In 2003, she joined the Yad Vashem Art Museum’s staff, where today she serves as curator and director of the Art Department. Her exhibitions in Yad Vashem include "Last Portrait: Painting for Posterity" (2012) which was accompanied by a catalogue she authored, and "The Anguish of Liberation as Reflected in Art: 1945-1947". In January 2016, she curated the exhibition "Art from the Holocaust: 100 Works from the Yad Vashem Collection" at the Deutsches Historisches Museum in Berlin which was accompanied by a catalogue she co-edited. The exhibition which was opened by the German Chancellor, Mrs. Angela Merkel, attracted a record number of visitors and received international media coverage.
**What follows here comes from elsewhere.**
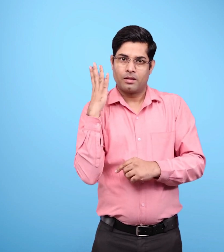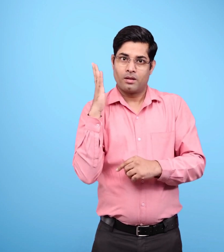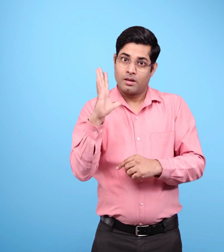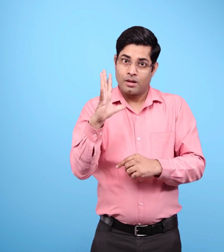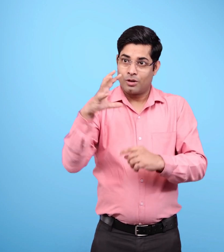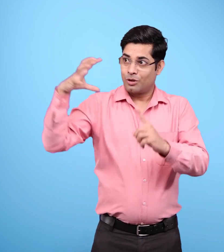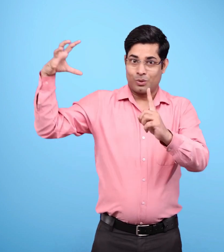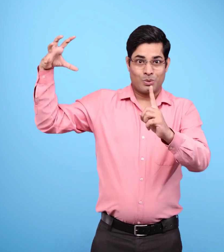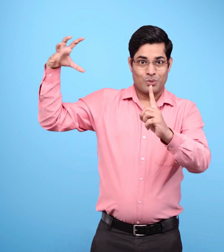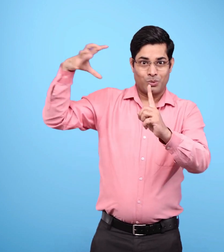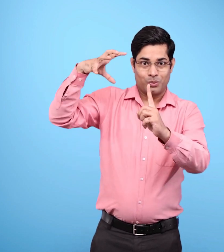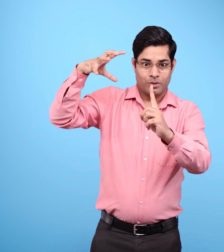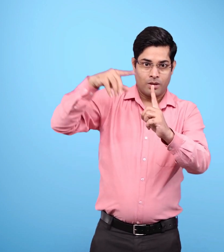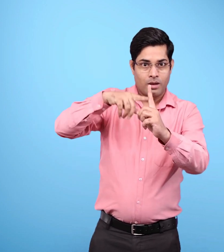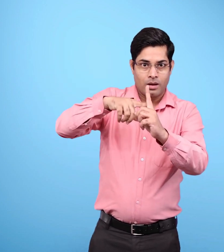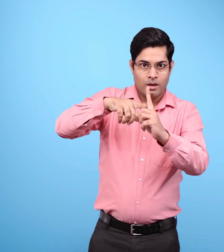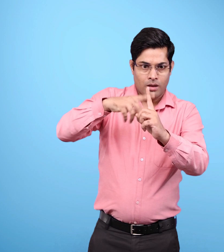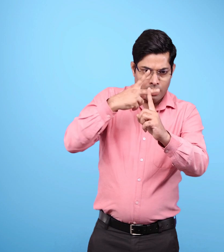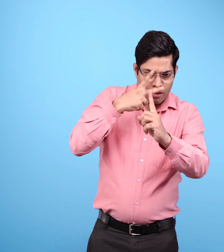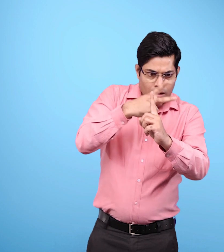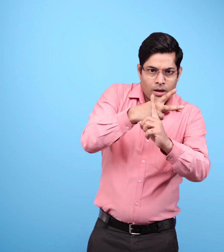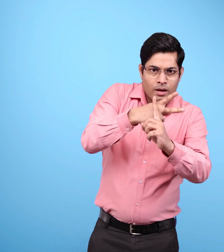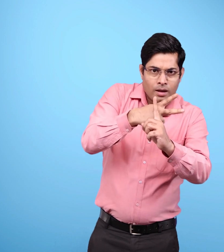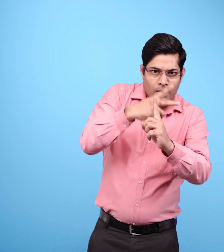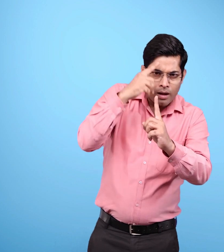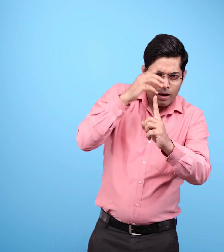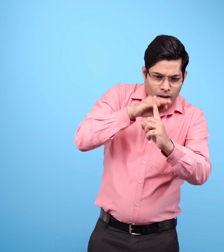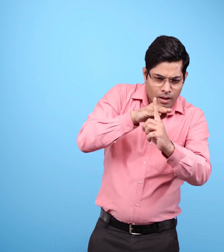तथा पुनह चाया के उपरी बिंदू को चिन्हित करें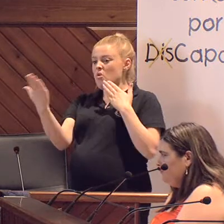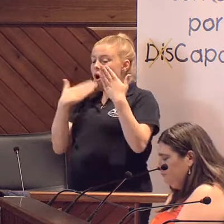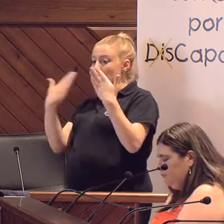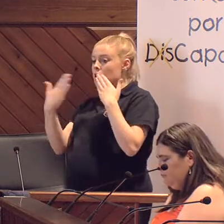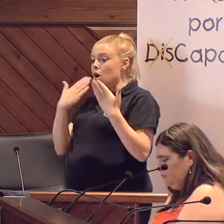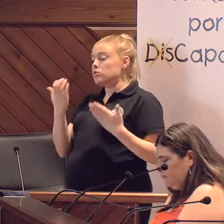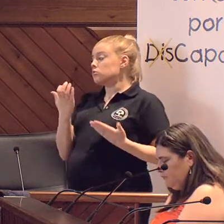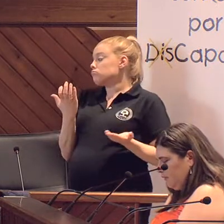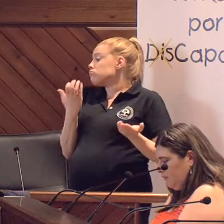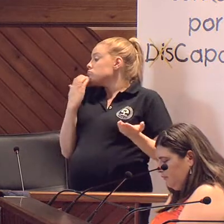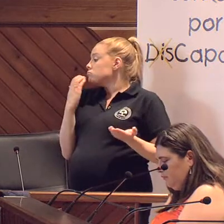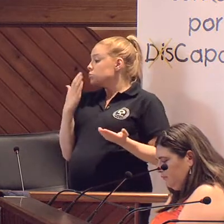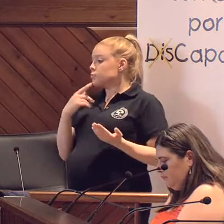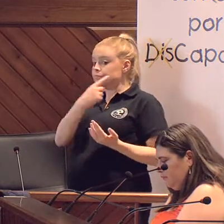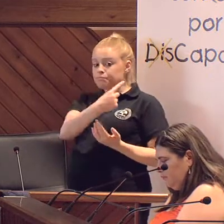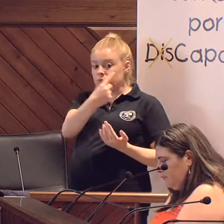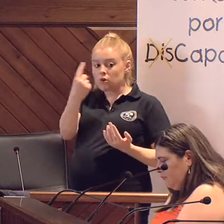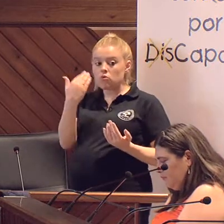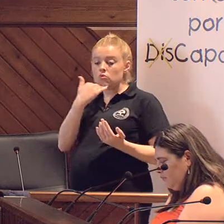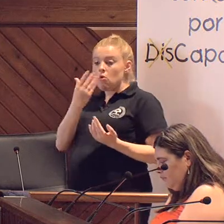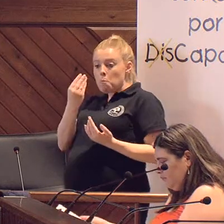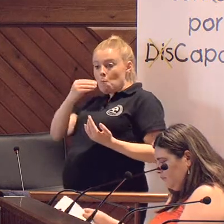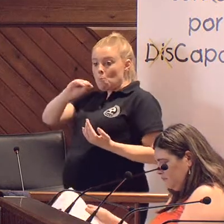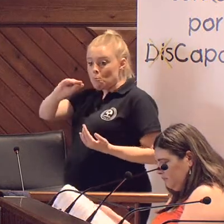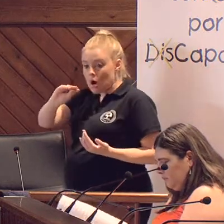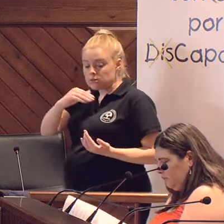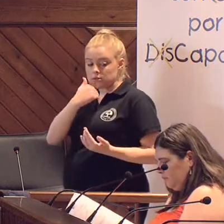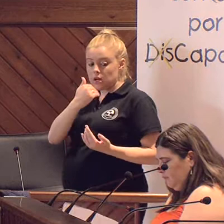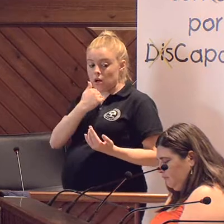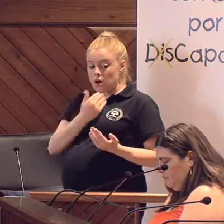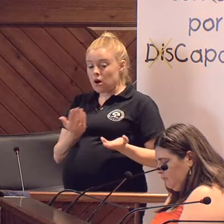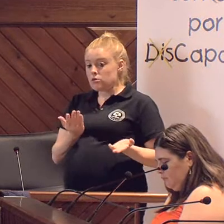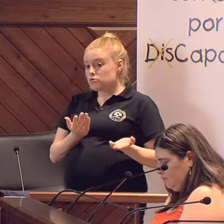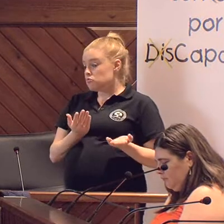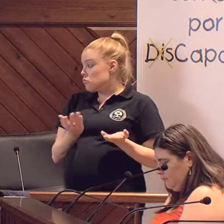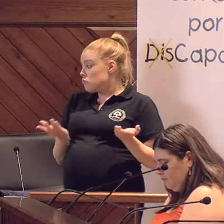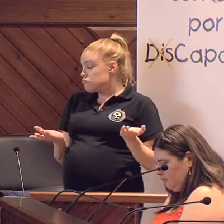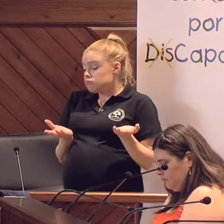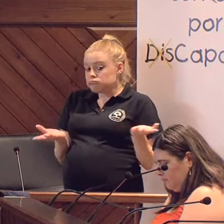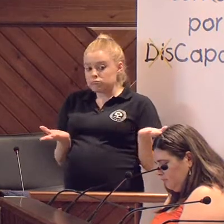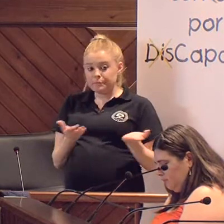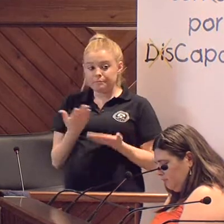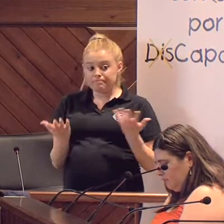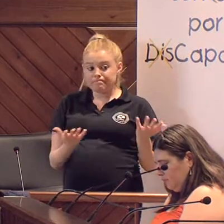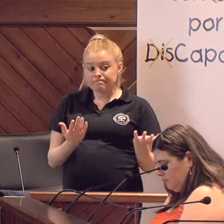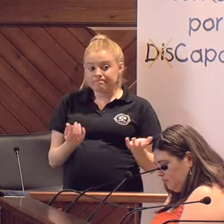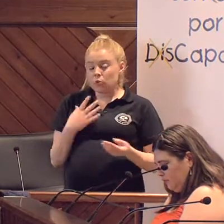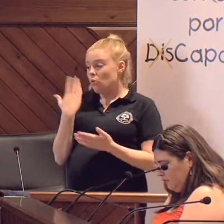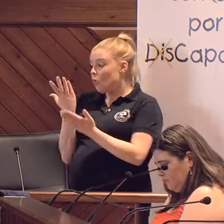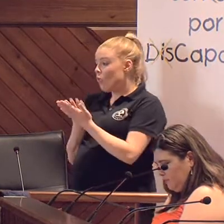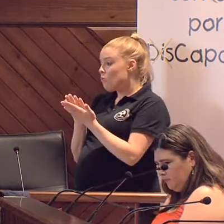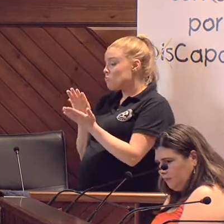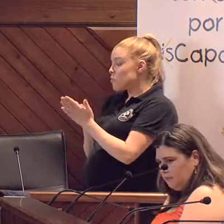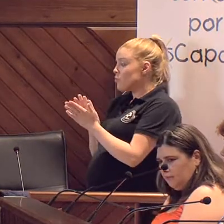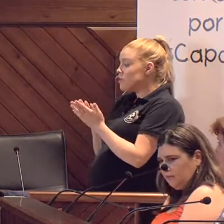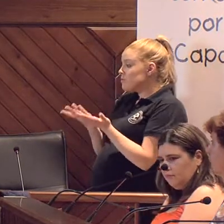quiere, no sé, aportar algo al debate, sobre lo que se ha dicho, no sé, o hacernos alguna propuesta,

For her achievements, she was nominated for the European Cultural Manager Award in 2017 and received the Lifetime Achievement Award, in the category of "European Cultural Manager 2021," of the European Cultural Brands Awards at a ceremony in Dresden.

References
Director of Yad Vashem's Art Collection, Eliad Moreh Rosenberg, Receives The Lifetime Achievement Award of the 2021 European Cultural Brands Award

Living people
20th-century French Jews
French people of Iraqi-Jewish descent
Suicide bombing in the Israeli–Palestinian conflict
French emigrants to Israel
Year of birth missing (living people)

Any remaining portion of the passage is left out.